╭─ The data
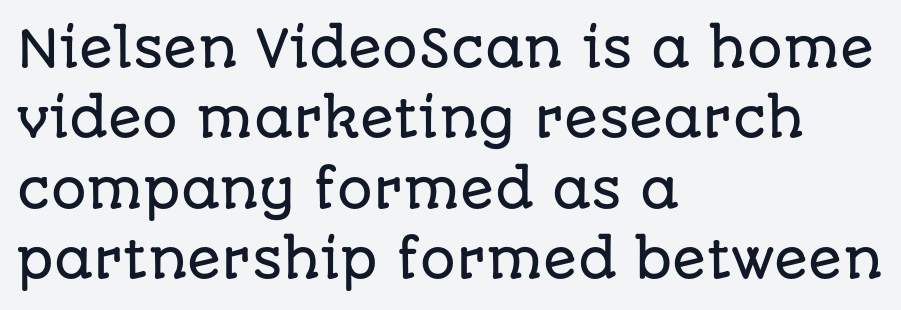
{"serif": "no", "italic": "no", "width": "normal", "stroke_contrast": "low", "x_height": "large", "monospaced": "no", "underline": "no", "align": "left", "line_spacing": "normal", "line_spacing_ratio": 1.41, "letter_spacing": "normal", "letter_spacing_em": 0.0, "glyph_px": 50}
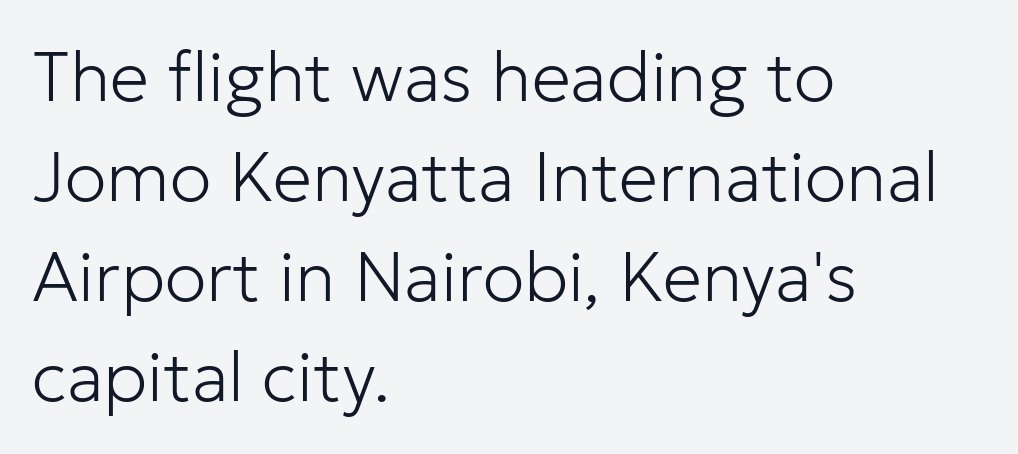
Q: Is the text bold? A: No.
Q: Is the text italic (slanted)? A: No, it is upright.
Q: Is the typeface a serif or a sans-serif typeface? A: Sans-serif.
Q: Is the text underlined? A: No.
Q: How is the paragraph aligned? A: Left-aligned.
Q: Is the spacing between letters normal or unusually wide? A: Normal.
Q: Is the spacing between lines tight, normal or loose? A: Normal.
Q: Width (condensed, normal, or wide)? A: Normal.
Q: Stroke contrast? A: Low.
Q: x-height? A: Medium.
Q: Monospaced? A: No.
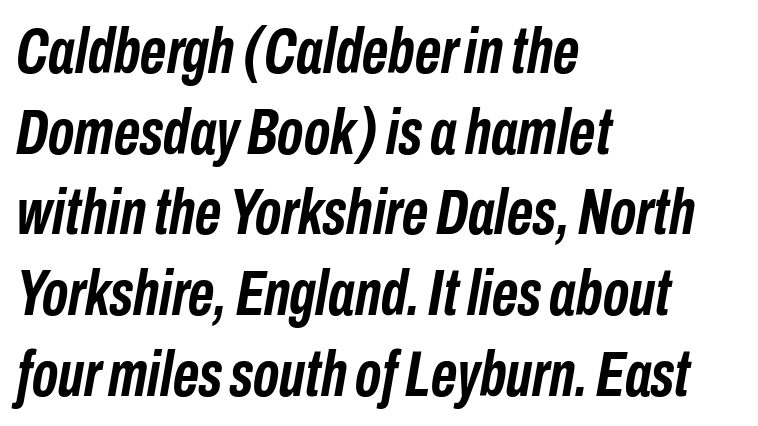
This rendering uses left alignment, leaving the right contour irregular. Do the characters align in a grid? No, the font is proportional. This sample uses an oblique cut, with every glyph tilted off the vertical. A typesetter would call this leading conventional body-copy spacing. These lines carry a lot of weight — the face is fully bold. The area under the type is left untouched.
╰─
Work to be completed: Only lines containing "between" belong in the answer; copy every such line from the records.

Reply:
Q: Is the spacing between letters normal or unusually wide? A: Normal.
Q: Is the spacing between lines tight, normal or loose? A: Normal.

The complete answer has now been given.